In [1]:
from datetime import datetime as dt

import numpy as np
import pandas as pd
import matplotlib.pyplot as plt
%matplotlib inline

from sklearn.metrics import mean_squared_error, mean_squared_log_error
from sklearn.model_selection import train_test_split

import xgboost as xgb
import lightgbm as lgb

In [2]:
## 読み込み
df_train = pd.read_csv("../data/train_set.csv", low_memory=False)
df_test = pd.read_csv("../data/test_set.csv", low_memory=False)

In [3]:
## 必要なカラムを抽出、カテゴリ変数はダミー変数化
def extract_columns(df_train, df_test, num_var=None, cat_var=None):
    df_x = pd.concat([df_train, df_test], axis=0)
    df_x = pd.concat([df_x[num_var], pd.get_dummies(df_x[cat_var])], axis=1)
    df_train_x = df_x.iloc[:df_train.shape[0],:]
    df_test_x  = df_x.iloc[df_train.shape[0]:,:]
    return df_train_x, df_test_x

## 学習＆予測する関数を定義
def train_and_predict(x_train, y_train, x_test, mode="lgb"):
    ## モデルを準備
    if mode == "lgb":
        clf = lgb.LGBMRegressor(objective='regression',num_leaves=5,
                 learning_rate=0.05, n_estimators=2000,
                 max_bin = 55, bagging_fraction = 0.8,
                 bagging_freq = 5, feature_fraction = 0.2319,
                 feature_fraction_seed=9, bagging_seed=9,
                 min_data_in_leaf =6, min_sum_hessian_in_leaf = 11)
    else:
        clf = xgb.XGBRegressor(
            learning_rate=0.01,
            n_estimators=2000,
            max_depth=6)

    ## 学習
    clf.fit(x_train, np.log(y_train))
    ## 予測
    y_pred = clf.predict(x_test)
    return clf, y_pred

In [4]:
## ResidentialとCondominiumに分割
df_train_resi = df_train.query('SOURCE == "Residential"')
df_train_cond = df_train.query('SOURCE == "Condominium"')
df_test_resi = df_test.query('SOURCE == "Residential"')
df_test_cond = df_test.query('SOURCE == "Condominium"')

In [5]:
## xの準備
num_var_resi = ["BATHRM", "EYB", "LONGITUDE", "FIREPLACES", "SALE_NUM", "CMPLX_NUM", "CENSUS_TRACT", "LIVING_GBA"]
cat_var_resi = ["QUADRANT", "CNDTN", "WARD", "AC", "QUALIFIED"]
df_train_resi_x, df_test_resi_x = extract_columns(df_train_resi.iloc[:,:-1], df_test_resi, num_var=num_var_resi, cat_var=cat_var_resi)
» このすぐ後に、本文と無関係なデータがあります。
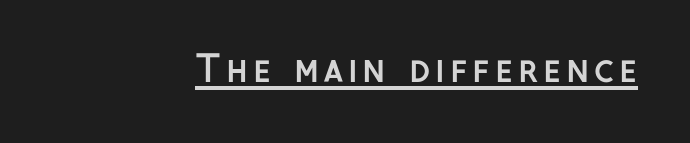
Q: Is the text bold? A: Yes.
Q: Is the text italic (slanted)? A: No, it is upright.
Q: Is the typeface a serif or a sans-serif typeface? A: Sans-serif.
Q: Is the text underlined? A: Yes.
Q: Width (condensed, normal, or wide)? A: Normal.
Q: Stroke contrast? A: Low.
Q: x-height? A: Medium.
Q: Monospaced? A: No.
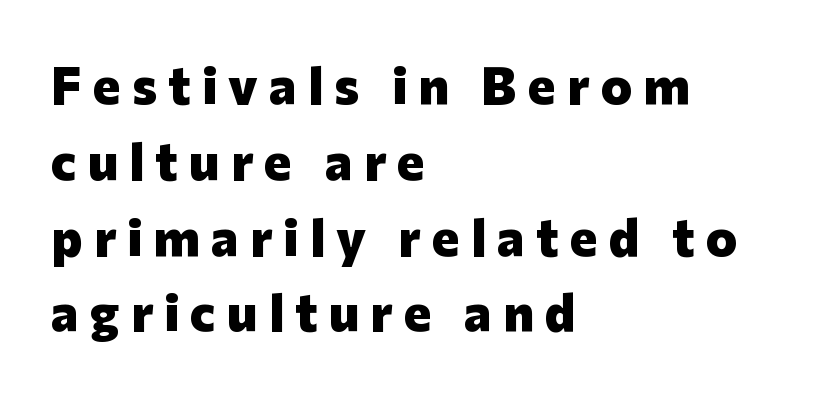
Q: Is the text bold? A: Yes.
Q: Is the text italic (slanted)? A: No, it is upright.
Q: Is the typeface a serif or a sans-serif typeface? A: Sans-serif.
Q: Is the text underlined? A: No.
Q: How is the paragraph aligned? A: Left-aligned.
Q: Is the spacing between letters normal or unusually wide? A: Unusually wide.
Q: Is the spacing between lines tight, normal or loose? A: Normal.
Q: Width (condensed, normal, or wide)? A: Normal.
Q: Stroke contrast? A: Low.
Q: x-height? A: Medium.
Q: Monospaced? A: No.
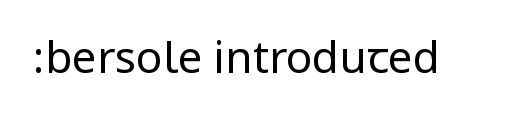
The image shows 44 px regular-weight, condensed sans-serif type, upright; set normal letter spacing, not underlined; low stroke contrast.
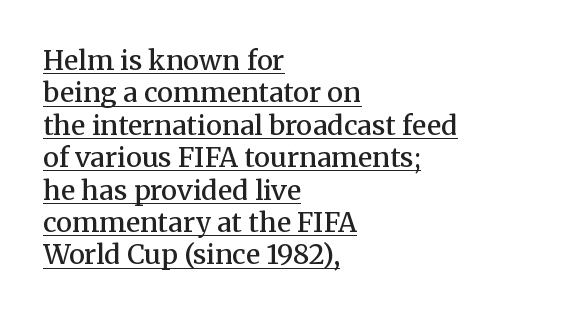
{"italic": "no", "bold": "semi", "underline": "yes", "align": "left", "line_spacing_ratio": 1.2, "letter_spacing": "normal", "letter_spacing_em": 0.0, "glyph_px": 27}
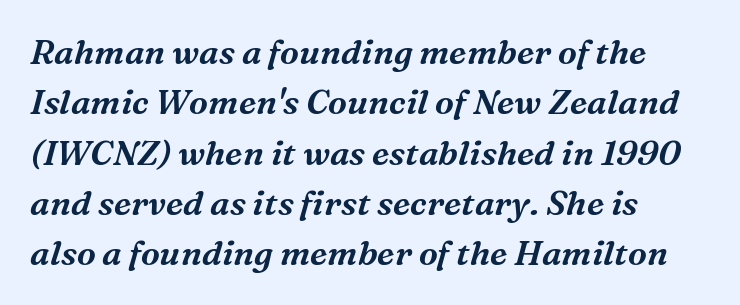
Nobody touched the tracking dial on this one. Looking at the ascenders, they clearly lean. You could not count columns in this text — the font is proportionally spaced. All the whitespace from short lines collects on the right. Descenders are the only things crossing below the line.
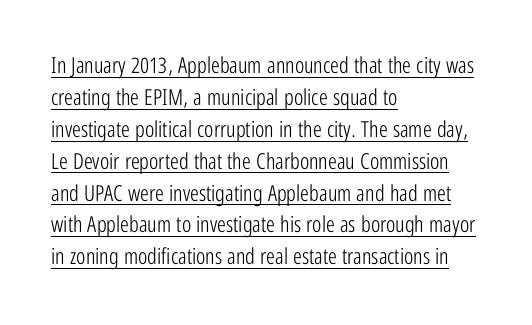
{"italic": "no", "bold": "no", "underline": "yes", "align": "left", "line_spacing": "normal", "line_spacing_ratio": 1.45, "letter_spacing": "normal", "letter_spacing_em": 0.0, "glyph_px": 22}
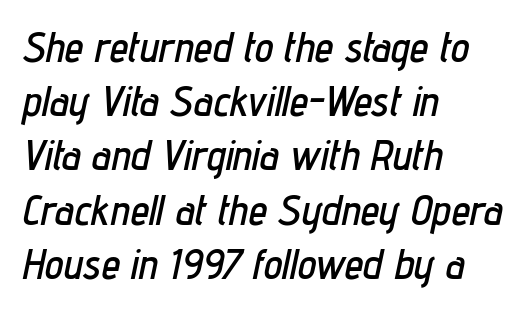
The image shows 42 px condensed type, italic (leaning right); set left-aligned, normal line spacing (1.29x), normal letter spacing, not underlined; low stroke contrast and a medium x-height.
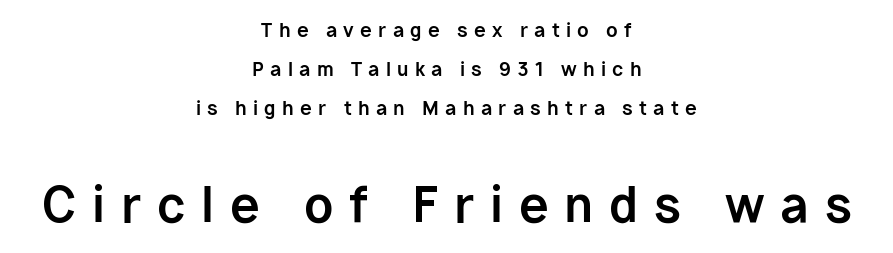
{"serif": "no", "italic": "no", "bold": "yes", "weight": "bold", "width": "normal", "stroke_contrast": "low", "x_height": "medium", "monospaced": "no", "underline": "no", "align": "center", "line_spacing": "loose", "line_spacing_ratio": 2.04, "letter_spacing": "wide", "letter_spacing_em": 0.33, "larger_block": "second", "size_ratio": 2.53, "glyph_px": 48}
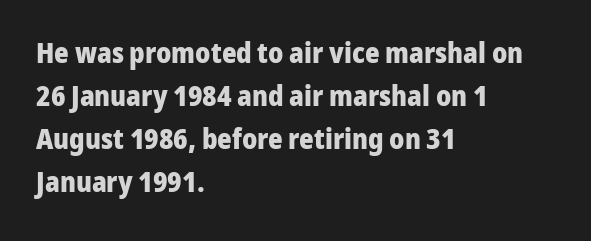
Q: Is the text bold? A: Yes.
Q: Is the text italic (slanted)? A: No, it is upright.
Q: Is the typeface a serif or a sans-serif typeface? A: Sans-serif.
Q: Is the text underlined? A: No.
Q: How is the paragraph aligned? A: Left-aligned.
Q: Is the spacing between letters normal or unusually wide? A: Normal.
Q: Is the spacing between lines tight, normal or loose? A: Normal.
Q: Width (condensed, normal, or wide)? A: Normal.
Q: Stroke contrast? A: Low.
Q: x-height? A: Medium.
Q: Monospaced? A: No.
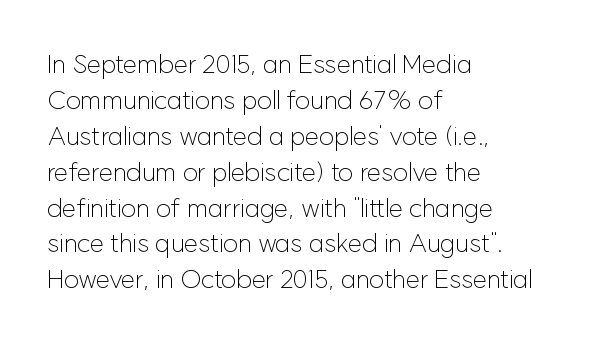
The characters are drawn with everyday or finer stroke widths. Line beginnings align vertically; line endings do not. Rule under the text: the space is simply empty. Words appear dense and cohesive because spacing is normal. Whoever set this chose a conventional vertical rhythm. Rendered with straight, roman letterforms.
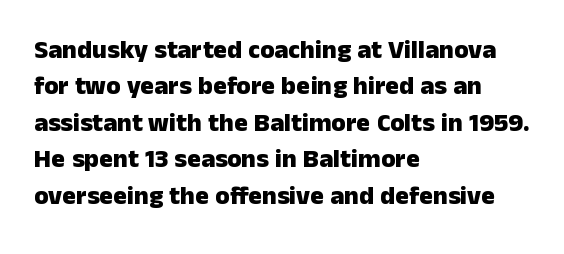
The image shows 26 px bold type, upright; set left-aligned, normal line spacing (1.4x), normal letter spacing, not underlined.
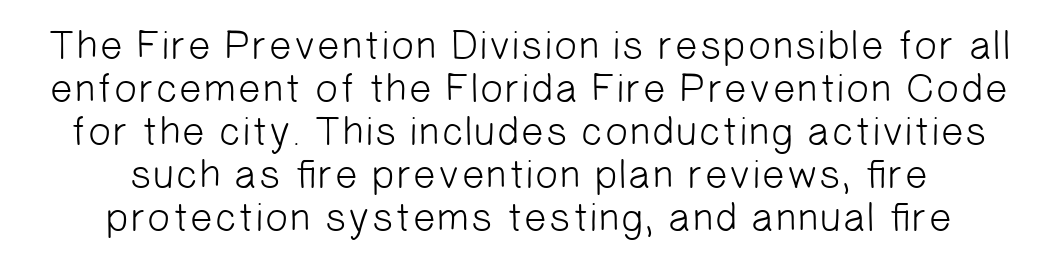
The letters look calm and open, with moderate or lighter stems. This rendering employs a face without finishing strokes, i.e., a sans-serif. There is no visible air inserted between adjacent glyphs. Bare-footed words on every line. Does the leading feel generous? Not at all — it's pinched. Both edges are ragged and mirror each other, which tells us the setting is centered.
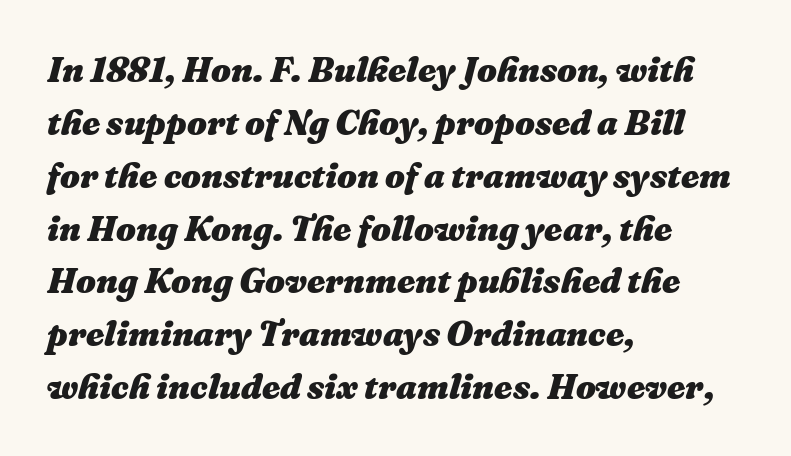
{"italic": "yes", "lean": "right", "slant_degrees": 16, "bold": "yes", "weight": "heavy", "width": "normal", "stroke_contrast": "medium", "x_height": "medium", "monospaced": "no", "underline": "no", "align": "left", "line_spacing": "normal", "line_spacing_ratio": 1.51, "letter_spacing": "normal", "letter_spacing_em": 0.0, "glyph_px": 35}

num_var_cond = ["BATHRM", "EYB", "LONGITUDE", "FIREPLACES", "SALE_NUM", "CMPLX_NUM", "CENSUS_TRACT", "LIVING_GBA"]
cat_var_cond = ["QUADRANT", "CNDTN", "WARD", "AC", "QUALIFIED"]
df_train_cond_x, df_test_cond_x = extract_columns(df_train_cond.iloc[:,:-1], df_test_cond, num_var=num_var_cond, cat_var=cat_var_cond)

## yの準備
df_train_resi_y = df_train_resi[["PRICE"]]
df_train_cond_y = df_train_cond[["PRICE"]]

In [9]:
#### 検証用のやつ
## 検証用にデータを準備
x_train_resi, x_valid_resi, y_train_resi, y_valid_resi = train_test_split(df_train_resi_x, df_train_resi_y, test_size=0.2, random_state=123)

## 予測
clf_valid, y_pred = train_and_predict(x_train_resi, y_train_resi, x_valid_resi)#, mode="xgb")

## 結果
mse = mean_squared_error(y_pred, np.log(y_valid_resi))
# msle = mean_squared_log_error(y_pred, np.log(y_valid_resi))

# mse
print("MSE", mse)
# print("MSLE", msle)
# 比較
df_valid_pred = pd.DataFrame(np.exp(y_pred), index=x_valid_resi.index, columns=["PRED"])
# display(pd.concat([y_valid_resi.astype(int), df_valid_pred.astype(int)], axis=1).head(20))

MSE 0.2256695971920721


In [None]:
train_and_predict(x_train)